# Marietta waterfowl



## Bass&Bucks

Any public access in or near marietta? We have a deer camp off rt 26 but never thought to waterfowl hunt down there


----------



## ducksdemise

Ohio river can be very good but is pretty dangerous 
If you are not prepared and careful


----------



## Bass&Bucks

I figured that. That stretch through marietta is a lot of water


----------



## BIG TURKEY

Real good hunting there been my second home for divers and puddle ducks . I got a buddy that lives close .


----------



## collegekid

Curious...What do you guys think it takes to be prepared to hunt the river? What are the most important safety tips compared to lake hunts etc..


----------



## freyedknot

#1 the shoreline is not always shallow. we pulled up to an island and the shore was 18 ft deep. check the bottom for hardness before stepping out of your rig. we had a spot of mud too deep to tell when you would hit bottom. current and debris along with the river barges are dangerous also.


----------



## collegekid

Thanks for the reply. Anyone else? Seems like a good topic that is not giving away spots etc.. and not everyone is able to hunt the river anyhow.


----------



## ducksdemise

Try to stay away from the barge traffic they throw a big wake
Watch out for whirlpools on the the front side of islands due to current
Water depth is very different around islands I have seen
Wade able to over 30 foot within a few yArds of each other
There is separate rules to hunting the Ohio if you
Will be on the islands permit is required from federal 
You must also follow West Virginia rules


----------



## G3guy

Double down on safety gear, make sure boat and motor is well maintained and reliable. Carry extra spark plugs, a propane torch, matches, lighters, spare prop, tools to work on anything in boat, extra fuses, extra boat plugs. And anything else you may think you need while on the water. carry a shovel to clear the ramp of snow, mud, ice ect.

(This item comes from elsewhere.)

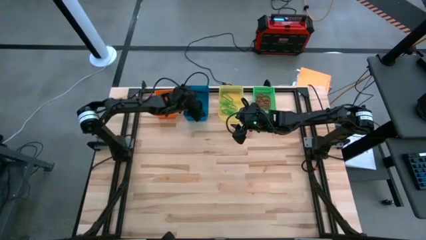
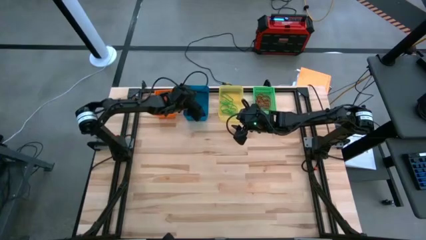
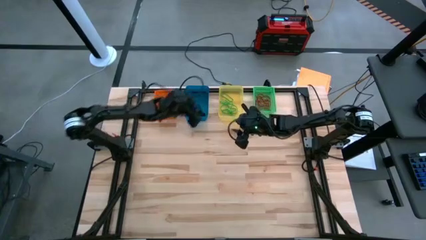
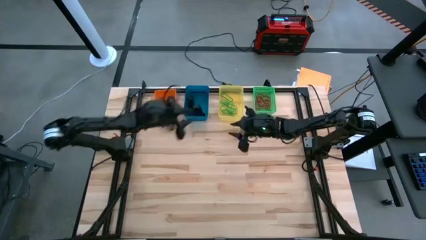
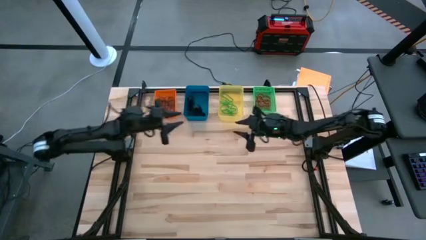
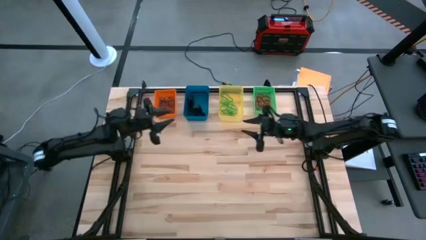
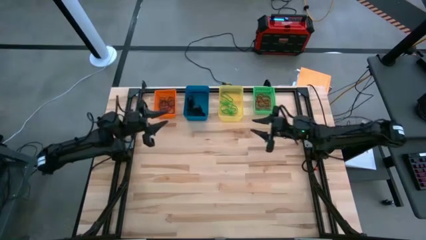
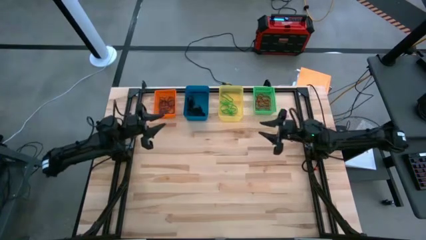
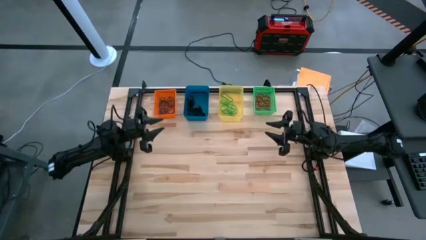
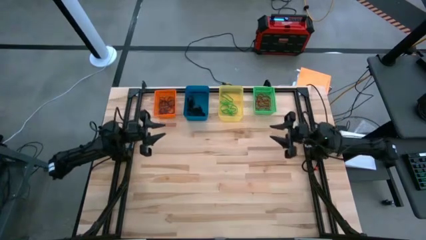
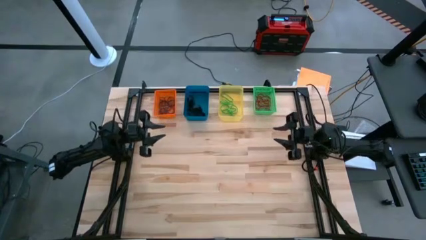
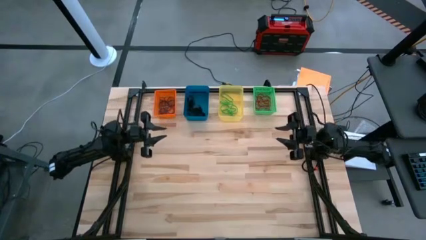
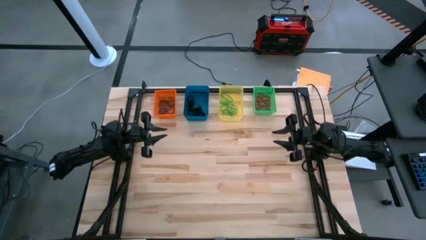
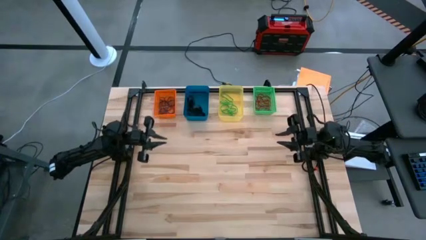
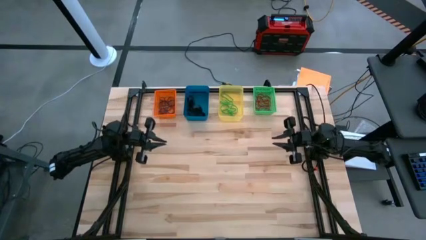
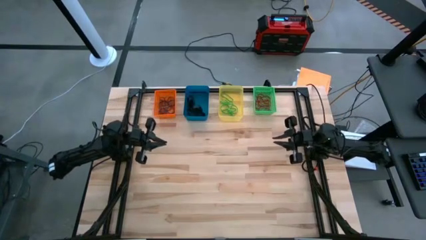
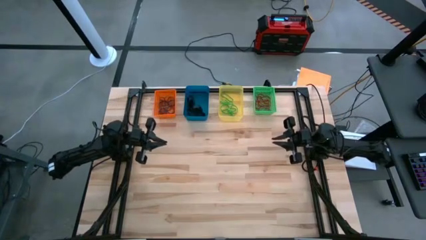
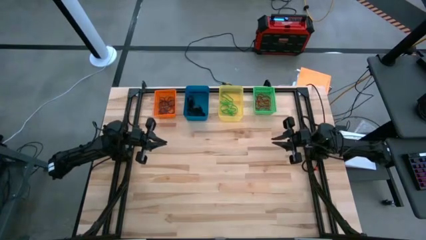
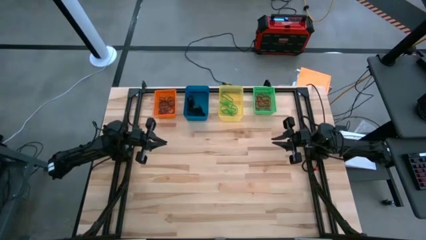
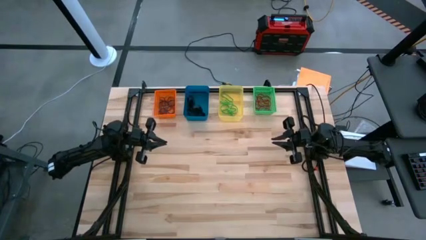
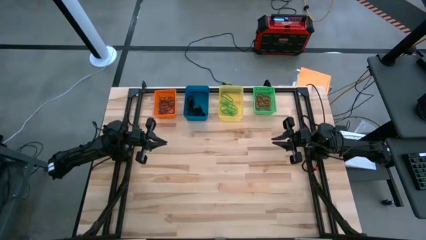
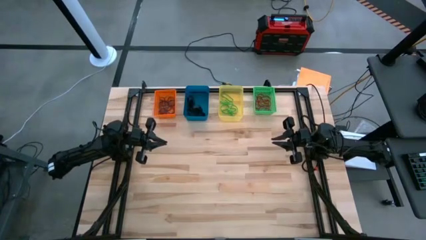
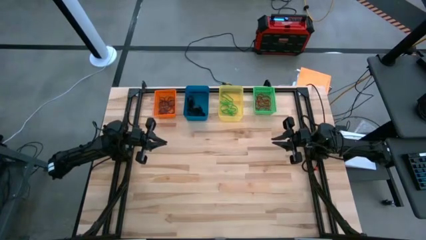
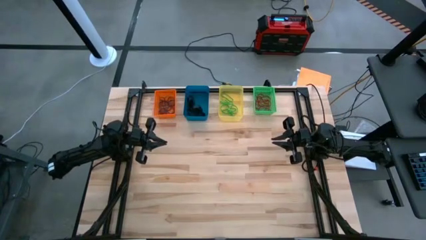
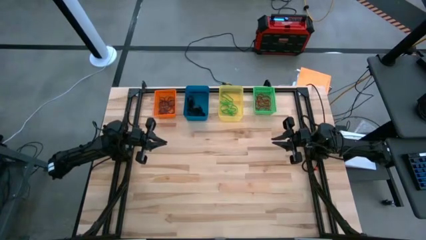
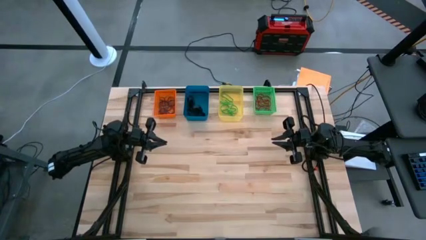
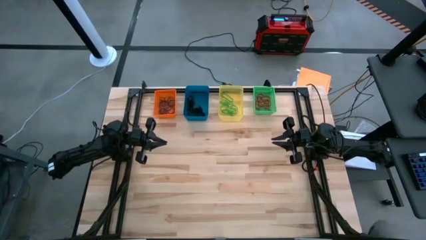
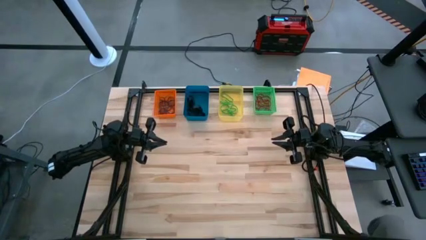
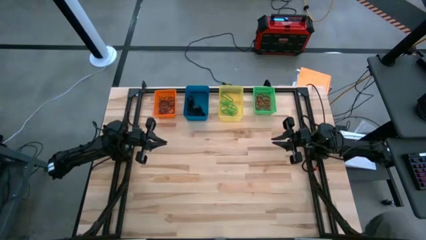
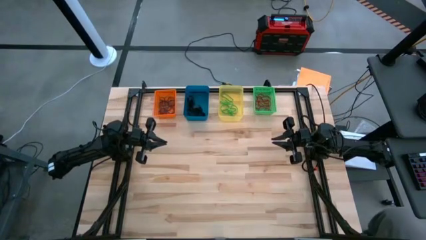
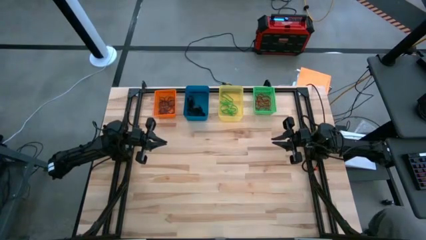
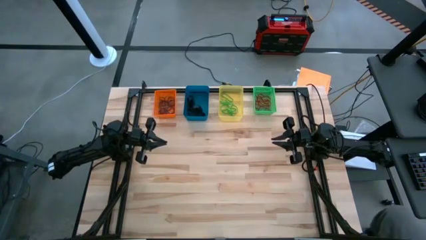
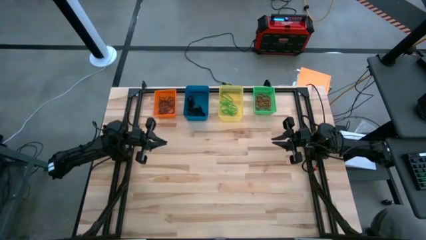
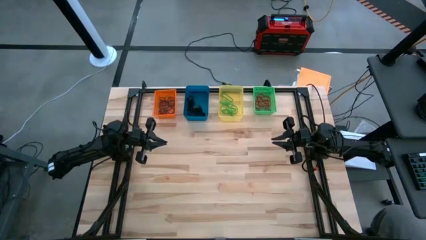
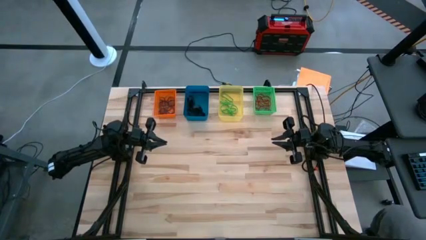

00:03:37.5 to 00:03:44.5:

Some sand and ice melt comes in handy also. Not all islands can be hunted from only certain ones. Look up ohio river islands national wildlife refuge for info. When the Ohio river flows btwn Ohio and West Virginia, West Virginia season dates and bag limits are what you need to follow NOT Ohio season dates and bag limits. As long as you are a Ohio resident you can hunt the river on Ohio license and stamps. A depth finder on the boat is a big help, long decoy lines and heavy weights. And don't forget the shotgun and ammo.


----------